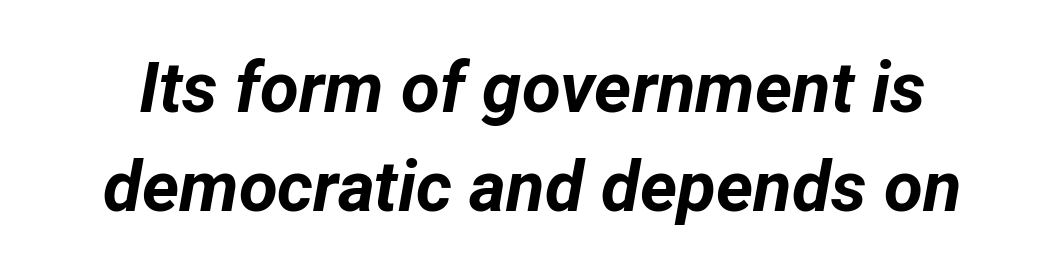
Q: Is the text bold? A: Yes.
Q: Is the text italic (slanted)? A: Yes, it leans right by about 12 degrees.
Q: Is the text underlined? A: No.
Q: Is the spacing between letters normal or unusually wide? A: Normal.
Q: Is the spacing between lines tight, normal or loose? A: Normal.
Q: Width (condensed, normal, or wide)? A: Normal.
Q: Stroke contrast? A: Low.
Q: x-height? A: Medium.
Q: Monospaced? A: No.
◇ ◇ ◇
- **Task details**
No line before the one with "Q: Stroke contrast? A: Low." belongs in the answer; copy that line and the rest of the records exactly.

- **Response box**
Q: Stroke contrast? A: Low.
Q: x-height? A: Medium.
Q: Monospaced? A: No.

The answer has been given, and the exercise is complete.